Racing to your morning meeting, you probably don’t think twice about your Tesla’s touchscreen logging every destination. But hackers at Pwn2Own Automotive 2026 just proved that trust is misplaced—earning $516,500 in a single day by completely compromising infotainment systems through chained exploits. Your daily commute data isn’t just vulnerable; it’s practically gift-wrapped for anyone with the right skills.

The Technical Carnage

Researchers found 76 zero-day vulnerabilities across major EV brands, with Tesla’s system fully breached through sophisticated attack chains.
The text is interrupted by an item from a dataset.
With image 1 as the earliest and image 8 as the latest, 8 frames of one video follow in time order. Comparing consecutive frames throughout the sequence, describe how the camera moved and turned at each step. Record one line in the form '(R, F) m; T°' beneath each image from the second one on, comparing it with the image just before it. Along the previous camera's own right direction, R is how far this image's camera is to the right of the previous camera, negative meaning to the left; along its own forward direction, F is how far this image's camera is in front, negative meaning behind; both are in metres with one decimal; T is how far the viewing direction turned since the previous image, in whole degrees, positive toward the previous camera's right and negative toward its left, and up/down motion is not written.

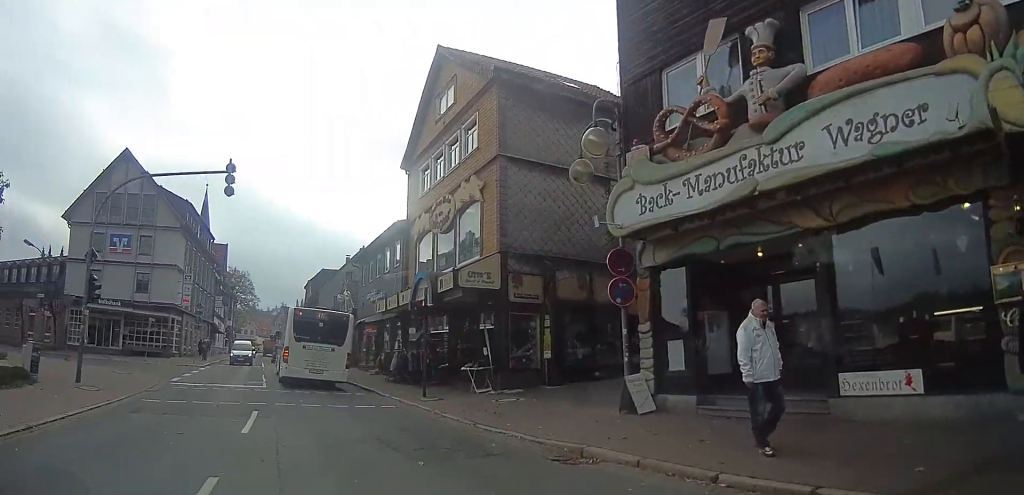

The January 2026 Tokyo competition exposed brutal realities about automotive cybersecurity. Tesla‘s infotainment system fell to a chained attack combining information leaks with out-of-bounds memory writes, granting hackers complete root access. Sony’s XAV-9500ES crumbled under heap-based buffer overflows, while Alpine’s iLX-F511 succumbed to stack-based attacks. These aren’t theoretical vulnerabilities—they’re working exploits that transform your navigation system into a surveillance tool.

From Root Access to Route Tracking

Complete infotainment control enables GPS data extraction, cloud telemetry interception, and real-time location monitoring.

Root access means hackers can extract everything your car knows about you. Navigation logs reveal your daily patterns, while API queries could expose charging locations and home geofencing data. These systems integrate GPS, Bluetooth, Wi-Fi, and cameras into a single attack surface. Think about it—your EV knows where you sleep, work, shop, and even how fast you drive between each location.

With 37 unique zero-days demonstrated versus just 17 the previous year, the attack surface keeps expanding faster than manufacturers can patch it. Security experts now view this escalation as evidence that automotive systems weren’t built with privacy protection as a priority.

Your Defense Options

Vendors have 90 days to patch through Zero Day Initiative coordination, but you can act now.

The automotive industry’s patch cycle moves like government bureaucracy—slowly. Common mitigations include:

  • Disabling automatic cloud syncing
  • Using VPNs for over-the-air updates
  • Auditing app permissions regularly

Some owners disconnect cellular modems entirely, though this kills convenience features you probably paid extra for.

The brutal truth? This industry treated security as an afterthought, and we’re all paying the price in privacy. What started as green transportation has become a privacy battleground where your EV‘s brain knows too much, shares too freely, and protects too little.